I've just come across this issue, and managed to resolve it by downgrading to the old v2.1.4 revision. I have no clue what is actually the cause of the issue but since I only have 1 folder to cache and don't need the features present in v3 and beyond, this is an acceptable solution for me.

For reference, my workflow file: https://github.com/MxBlu/choretracker/blob/main/.github/workflows/vcpkg-build.yaml

MxBlu avatar May 13 '25 07:05 MxBlu

I've banged my head against some walls with a similar issue recently. In my case, even downgrading to v2.1.4 didn't help. It seems that the layer cache conflicts with cache mounts in some way (even if invalidated). The only thing that made it work was removing the cache-from and cache-to args (mine were set to type=registry and not GHA as in this issue and the README examples).

I tried to go a bit deeper on that - it looks like when using both layer cache and cache mounts, according to docker buildx du --filter type=exec.cachemount --verbose, the cache mounts are deleted and new ones are created when the buildkit-cache-dance container goes up.

It's kinda troubling both cache mechanisms can't work together properly, I hope at least my findings could help others.

psypuff avatar Jun 26 '25 12:06 psypuff

I was struggling to get it working— it would be helpful if it gave more insight at runtime into what it's doing, as this is a bit opaque/incomplete:

Post job cleanup.
FROM ghcr.io/containerd/busybox:latest
COPY buildstamp buildstamp
RUN --mount=type=cache,target=/ccache     mkdir -p /var/dance-cache/     && cp -p -R /ccache/. /var/dance-cache/ || true

It's clearly mounting my cache directory and copying the contents to /var/dance-cache, but past that point you have to look at the source to follow what is going on:

https://github.com/reproducible-containers/buildkit-cache-dance/blob/5b81f4d29dc8397a7d341dba3aeecc7ec54d6361/src/extract-cache.ts#L28-L46

At least for me, the crux of it was that the results are copied to the cacheSource location, which turns out to be the keys of the cache-map dict. So this ended up working for me:

      - uses: actions/cache@v4
        id: cache
        with:
          path: ccache-dir
          key: ccache-${{ matrix.build }}-${{ matrix.arch}}

      - name: Restore Docker cache mounts
        uses: reproducible-containers/buildkit-cache-dance@v3
        with:
          builder: ${{ steps.setup-buildx.outputs.name }}
          cache-map: '{ "ccache-dir": { "target": "/ccache", "id": "ccache" } }'
          save-always: true

Because ccache is a progressive cache that is self-managing in terms of size (and my cache is relatively small anyway), it's worth it to me to be updating on each run rather than on a schedule.

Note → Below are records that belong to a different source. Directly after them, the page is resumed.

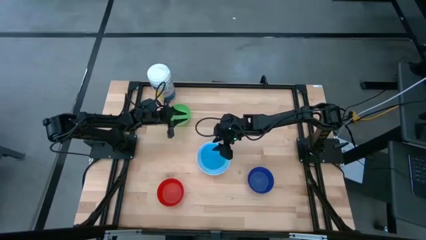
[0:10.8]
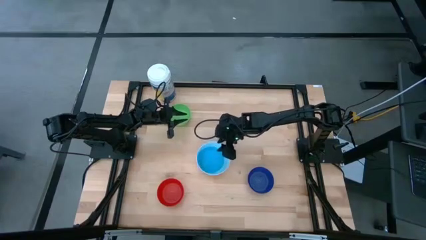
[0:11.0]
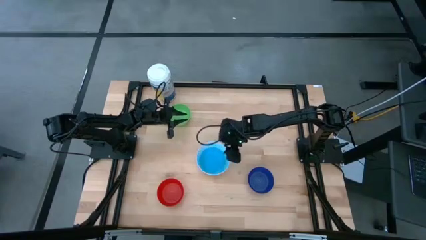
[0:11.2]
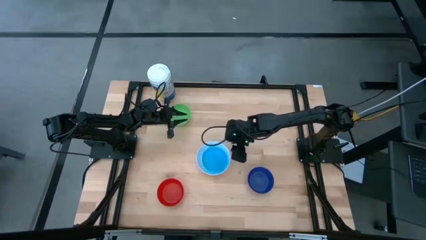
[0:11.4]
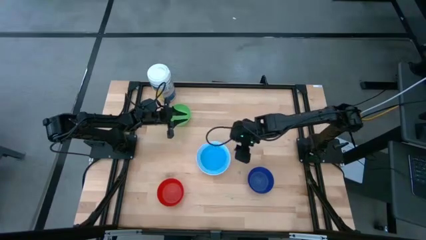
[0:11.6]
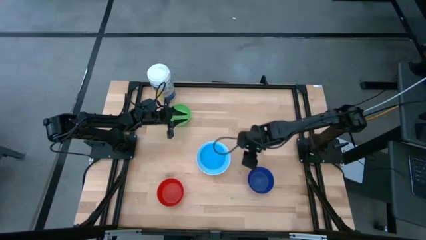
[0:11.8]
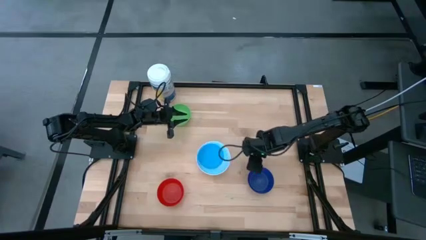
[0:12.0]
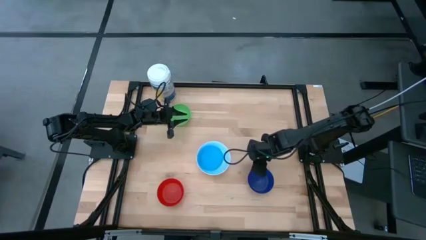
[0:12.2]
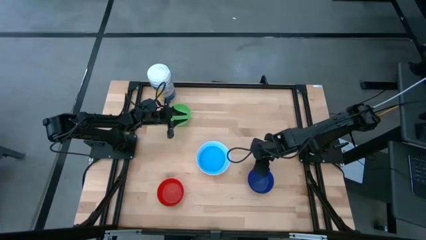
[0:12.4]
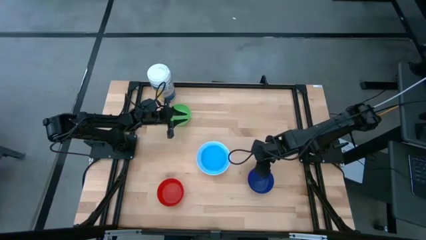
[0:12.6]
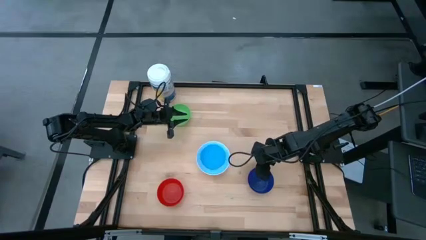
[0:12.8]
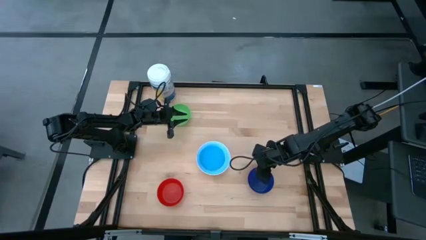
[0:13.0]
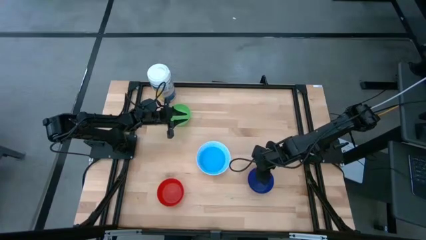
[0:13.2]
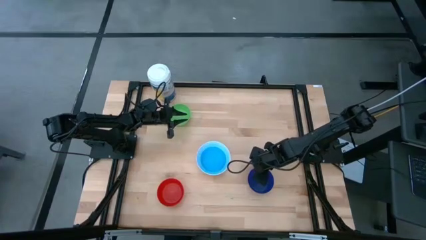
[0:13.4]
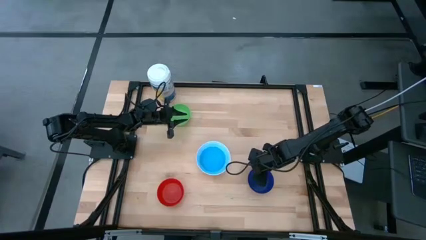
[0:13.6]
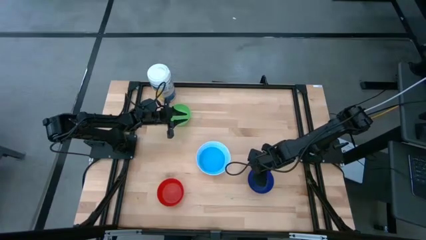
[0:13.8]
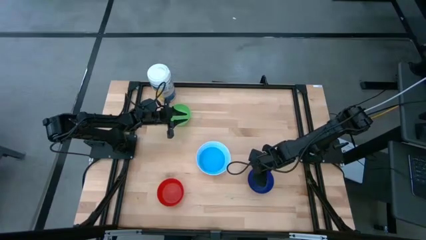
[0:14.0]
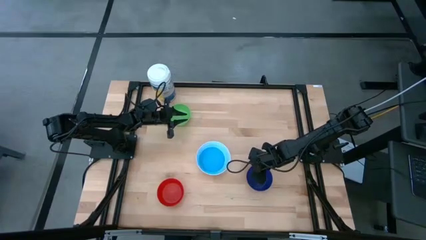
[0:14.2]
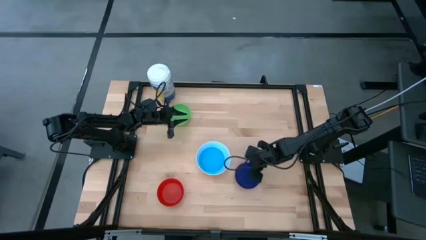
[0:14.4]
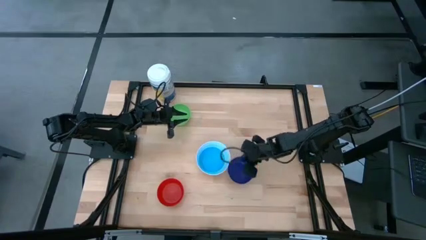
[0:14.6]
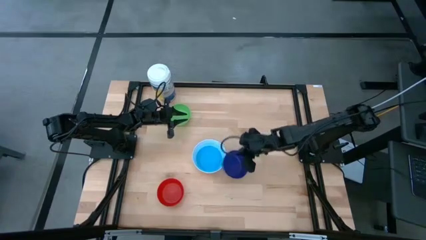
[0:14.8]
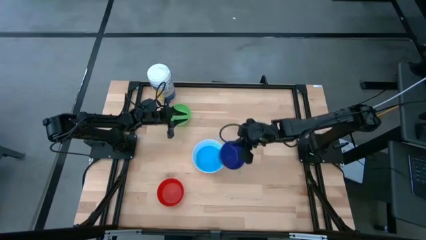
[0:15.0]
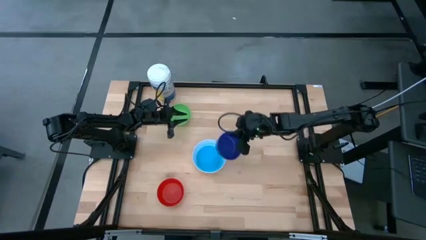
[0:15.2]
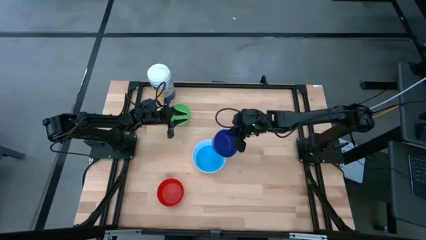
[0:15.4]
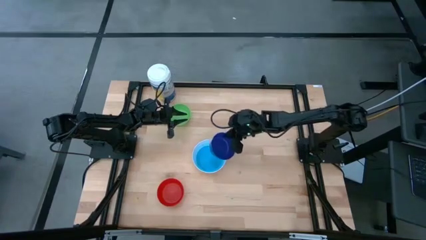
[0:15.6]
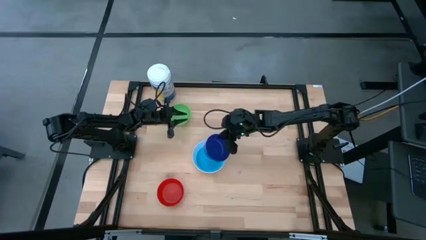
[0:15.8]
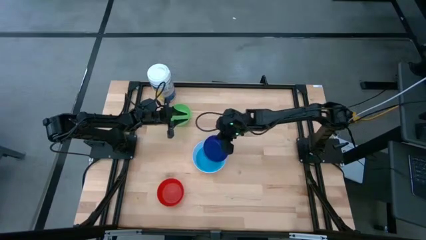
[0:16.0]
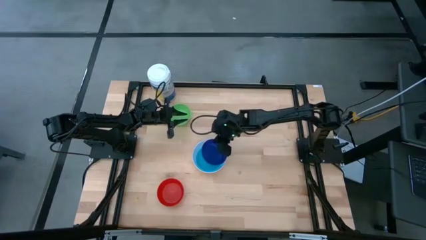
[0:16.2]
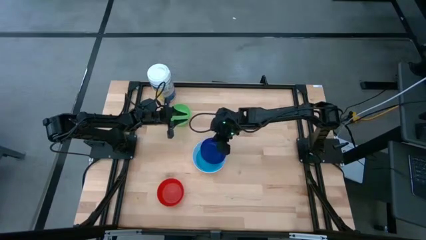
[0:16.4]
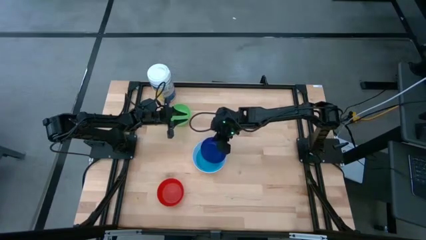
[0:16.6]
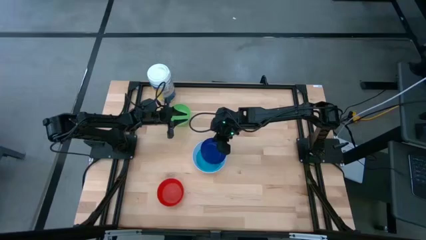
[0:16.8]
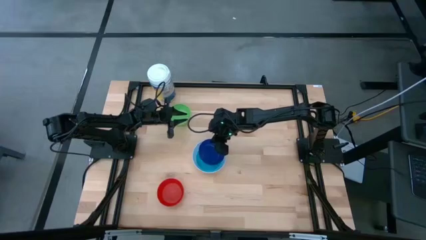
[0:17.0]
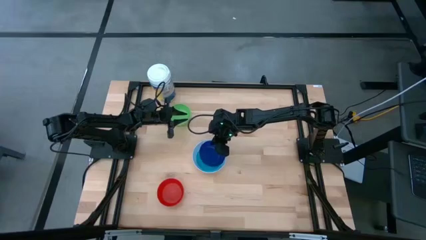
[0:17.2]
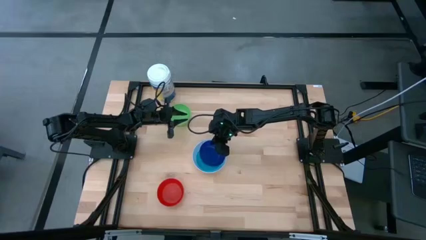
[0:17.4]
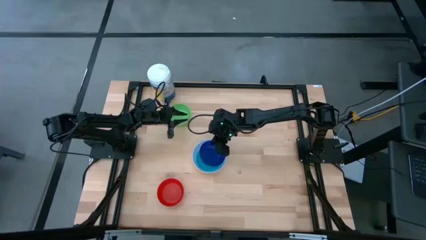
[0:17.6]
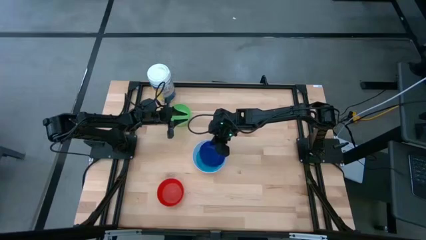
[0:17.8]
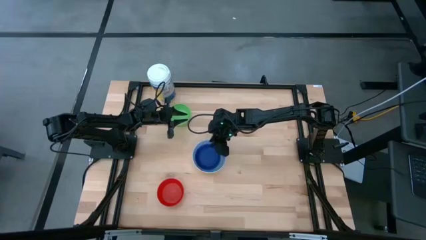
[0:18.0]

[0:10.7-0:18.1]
Stack the blue bowl on the light blue bowl

mikepurvis avatar Jul 27 '25 01:07 mikepurvis

@mrfelton , can you explain what you meant under:

  1. "ensuring that the local directory doesn't exist before running the cache dance" and
  2. "changing the path to something relative to the checkout"?

and share your setup that worked?

UPD: Nothing worked no matter what I tried until I reread @rkarp 's comment and set a builder for buildkit-cache-dance

      - name: Set up Docker Buildx
        id: setup-buildx
        uses: docker/setup-buildx-action@v3

.....

      - name: Inject rust-build-cache
        uses: reproducible-containers/buildkit-cache-dance@v3
        with:
          builder: ${{ steps.setup-buildx.outputs.name }}

StashOfCode avatar Aug 11 '25 10:08 StashOfCode

If the cache mount path in your Dockerfile has a trailing slash it will not work. Change:

RUN --mount=type=cache,target=/usr/src/app/target/

to

RUN --mount=type=cache,target=/usr/src/app/target

timakro avatar Aug 20 '25 11:08 timakro

The only thing that made it work was removing the cache-from and cache-to args (mine were set to type=registry and not GHA as in this issue and the README examples).

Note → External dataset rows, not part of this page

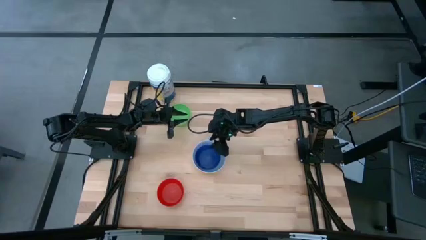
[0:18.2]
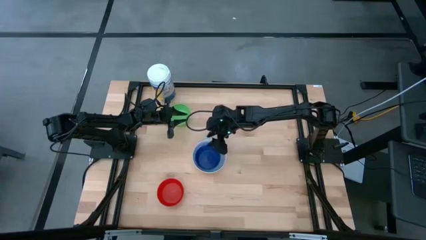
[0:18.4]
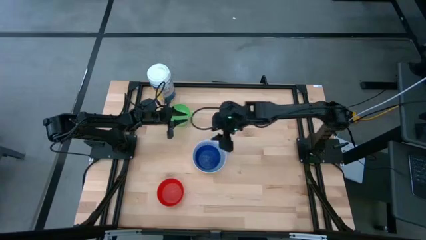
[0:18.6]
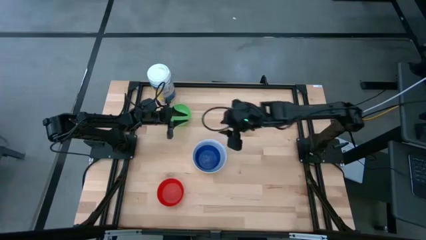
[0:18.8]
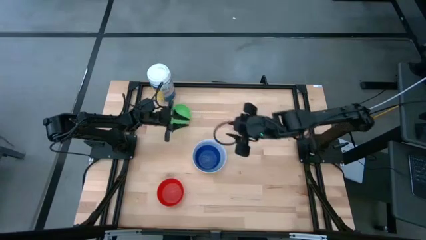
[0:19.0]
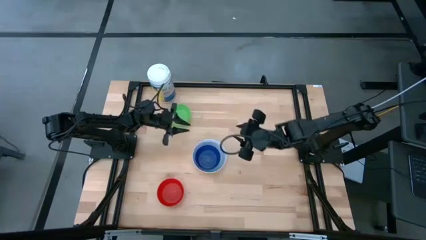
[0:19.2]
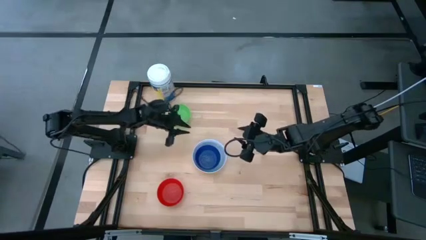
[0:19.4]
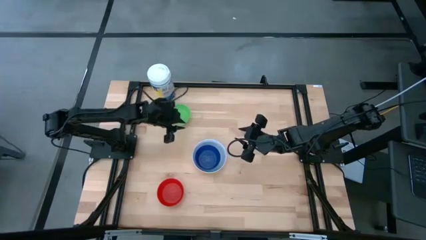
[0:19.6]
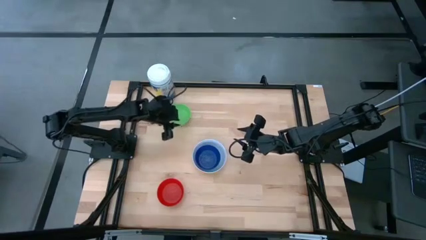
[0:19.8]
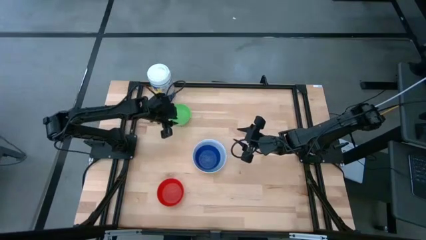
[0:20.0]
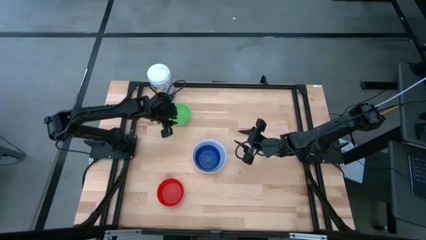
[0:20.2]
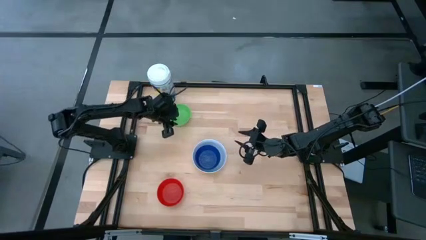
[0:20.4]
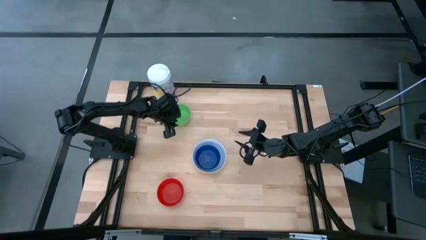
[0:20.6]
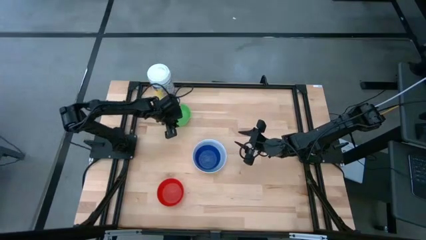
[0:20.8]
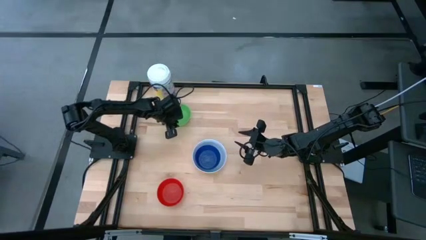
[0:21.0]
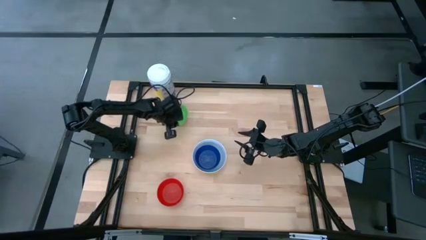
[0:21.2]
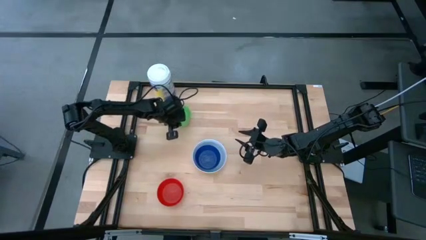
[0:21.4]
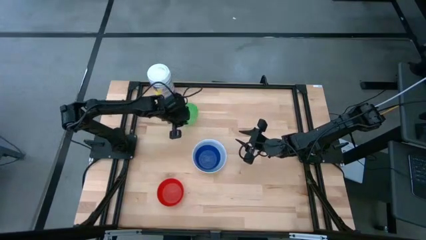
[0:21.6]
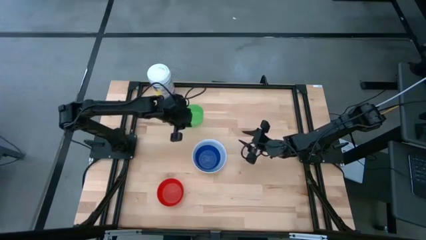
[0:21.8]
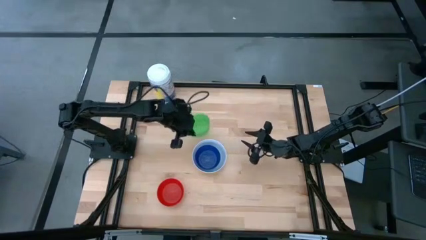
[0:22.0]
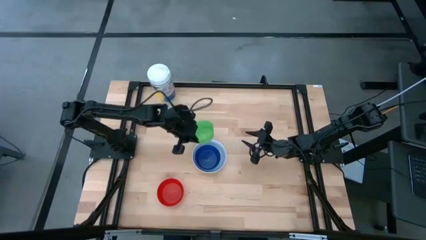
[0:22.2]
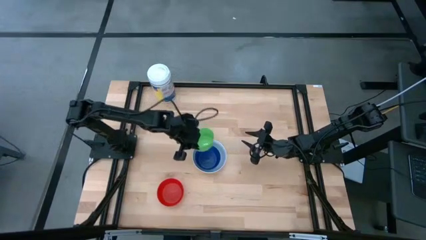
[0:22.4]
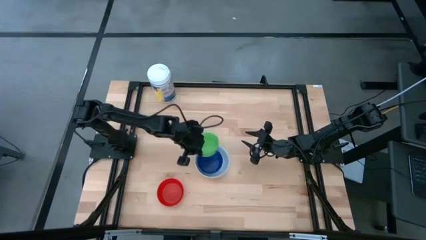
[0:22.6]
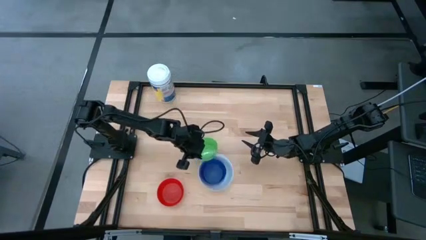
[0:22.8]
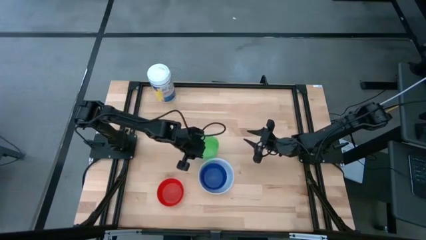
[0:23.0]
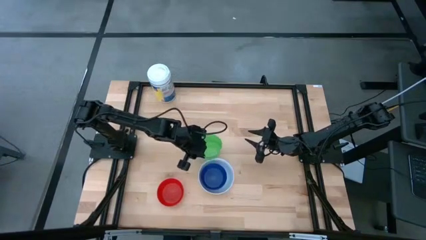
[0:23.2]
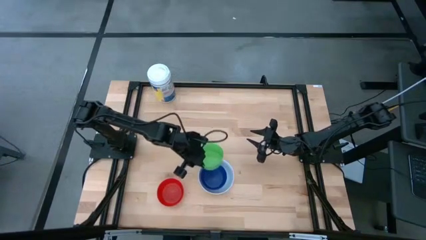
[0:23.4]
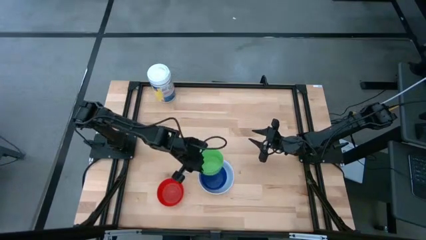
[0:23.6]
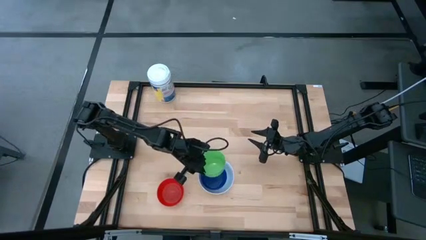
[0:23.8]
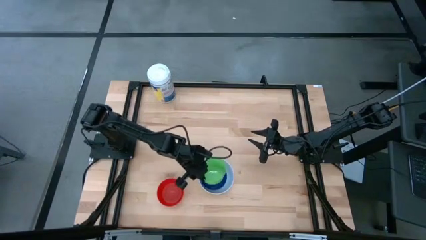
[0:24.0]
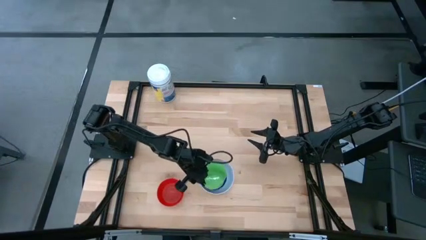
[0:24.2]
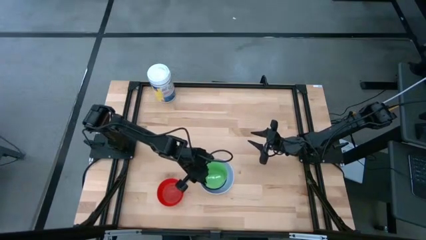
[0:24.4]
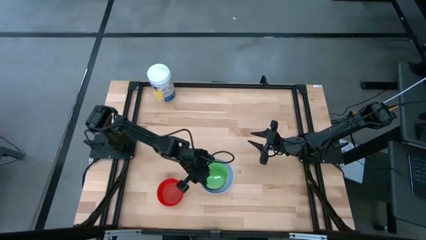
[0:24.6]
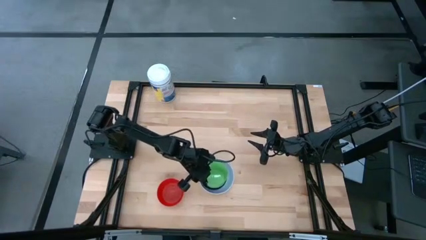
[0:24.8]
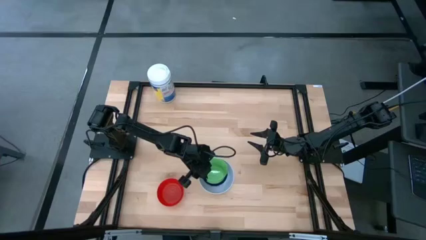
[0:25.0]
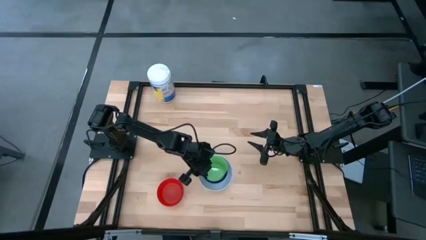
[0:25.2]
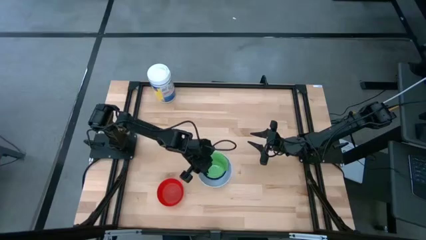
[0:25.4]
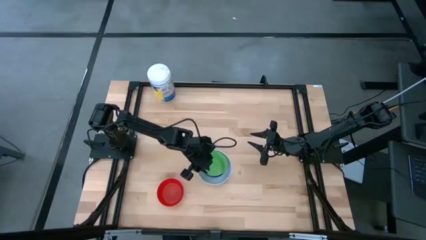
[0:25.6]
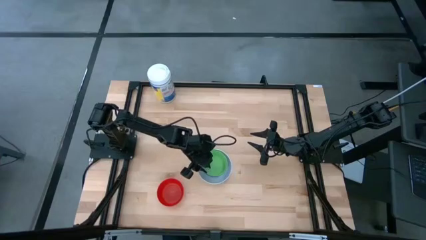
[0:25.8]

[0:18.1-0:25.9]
Stack the green bowl on the blue bowl

Mine is set to type=registry too but my issue is that the runner blows up due to space issues. We are running self hosted runners. Wondering how much of that impacts the ability for the buildx cache to be extracted and cached to GHA separately.

What I'm failing to find anywhere is whether my intended workflow is even possible:

  • restore cache (if exists)
  • start buildx runner (docker in docker)
  • load cache to buildx runner
  • start docker build
  • buildx mounts cache during dockerfile build by id with the --mount directive
  • build finishes
  • whole docker image saved to type=registry as cache for all docker layers
  • export buildx cache for the step that is using --mount to a folder
  • save buildx cache that was exported to gha cache

I just want the docker image cache to at least restore some part of the build because, in our case, R packages take 10 minutes to build. That being invalidated with no fallback if anything in the dockerfile changes is a slog.

SB-MFJ avatar Aug 28 '25 21:08 SB-MFJ